Gianopulos took over as the sole chairman and CEO of Fox beginning in 2012. In this position, he served as the head of 20th Century Fox, Fox Searchlight, Fox 2000, Fox Animation/Blue Sky Studios, Fox International Productions, and Fox Home Entertainment. During his tenure, the studio had its most profitable years and broke the industry's global box-office record in 2014. Some notable successes during his time at Fox include two of the biggest box office hits of all time, Titanic and Avatar, as well as several entries into the Planet of the Apes, Ice Age, and X-Men franchises, as well as Deadpool (2016), and The Martian (2015).

At Fox, Gianopulos supported a closer relationship between Hollywood and Silicon Valley, and he was instrumental in the launch of iTunes, the Hulu streaming service, and other internet-driven offerings.

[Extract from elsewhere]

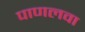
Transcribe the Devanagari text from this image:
पाणलवा
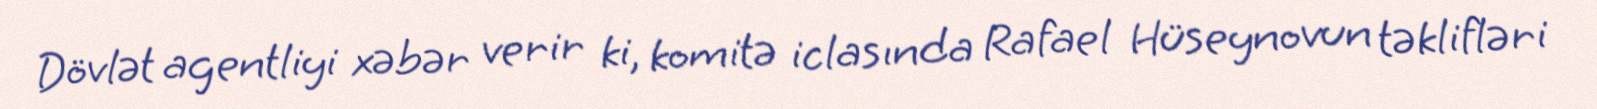
Dövlət agentliyi xəbər verir ki, komitə iclasında Rafael Hüseynovun təklifləri

=== Paramount Pictures ===
In March 2017, he was named chairman and CEO of Paramount Pictures, after the dismissal of the late Brad Grey. Gianopulos began his duties on April 3, 2017. He oversaw all feature film and television production, marketing, and global distribution. Under his leadership, Paramount experienced a revitalization, with Gianopulos focusing on returning the studio to profitability. After Paramount had suffered years of losses, including an operating loss of $445 million the year before Gianopulos was hired in 2017, by 2019 he had returned the studio to its first full-year profit.

During his tenure, Paramount released a succession of successful films, including A Quiet Place (2018), Mission: Impossible – Fallout (2018), Rocketman (2019), and Sonic the Hedgehog (2020). He put into production the box office blockbuster Top Gun: Maverick (2022), as well as Sonic the Hedgehog 2 (2022), A Quiet Place Part II (2021), IF (2024), The Lost City (2022), Mission: Impossible – Dead Reckoning Part One (2023), and Mission: Impossible – The Final Reckoning (2025). Gianopulos was also responsible for the expansion of Paramount Television Studios, including the release of The Offer, a drama series about the making of The Godfather, as well as Shantaram, Fatal Attraction, and many other series.

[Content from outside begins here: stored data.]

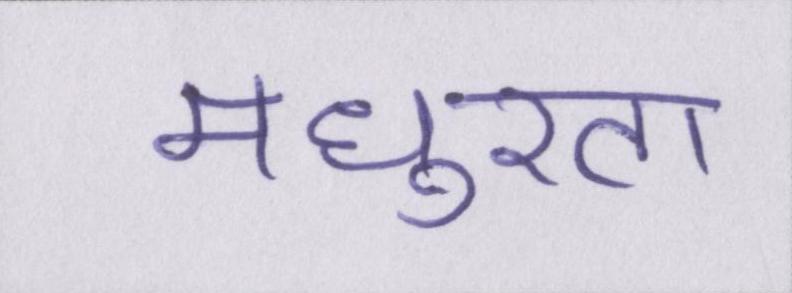
मधुरता
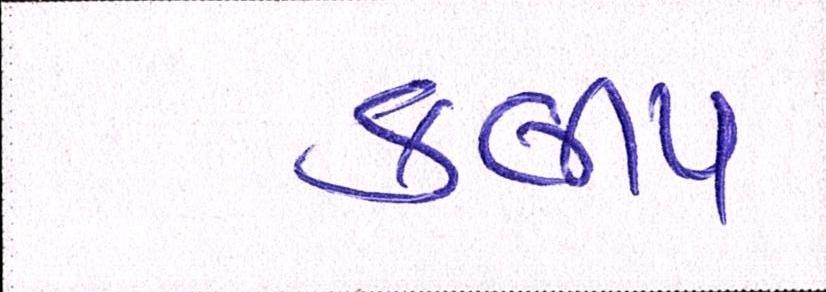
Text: કલીપ
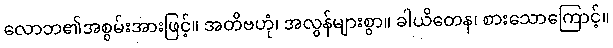
လောဘ၏အစွမ်းအားဖြင့်။ အတိဗဟုံ၊ အလွန်များစွာ။ ခါယိတေန၊ စားသောကြောင့်။

It was announced that CBS and Viacom (parent company of Paramount Pictures) would recombine as ViacomCBS in December 2019. Jim Gianopulos was confirmed to continue on as chairman and CEO of Paramount Pictures under the merged ViacomCBS. Gianopulos left Paramount in September 2021 and was replaced by Nickelodeon president Brian Robbins.

=== Boards Associations ===
Gianopulos serves as chairman of the board of directors of the Motion Picture & Television Fund. He is also on the board of the X Prize Foundation as well as the board of the University of Southern California School of Cinematic Arts, where he is also an adjunct professor. Gianopulos also serves as a member of the board of trustees of the Academy Museum of Motion Pictures, where he also serves as its treasurer.

=== Awards and recognition ===
Gianopulos has received numerous accolades and recognition for his contributions to the entertainment industry, including the Simon Wiesenthal Center's Humanitarian Award in 2013, the Will Rogers Motion Picture Pioneers Foundation's 2015 Pioneer of the Year award, and the Producers Guild of America Milestone Award in 2016.

==Personal life==
He is married to Ann Gianopulos. They have three daughters named Mimi, Alexa, and Niki.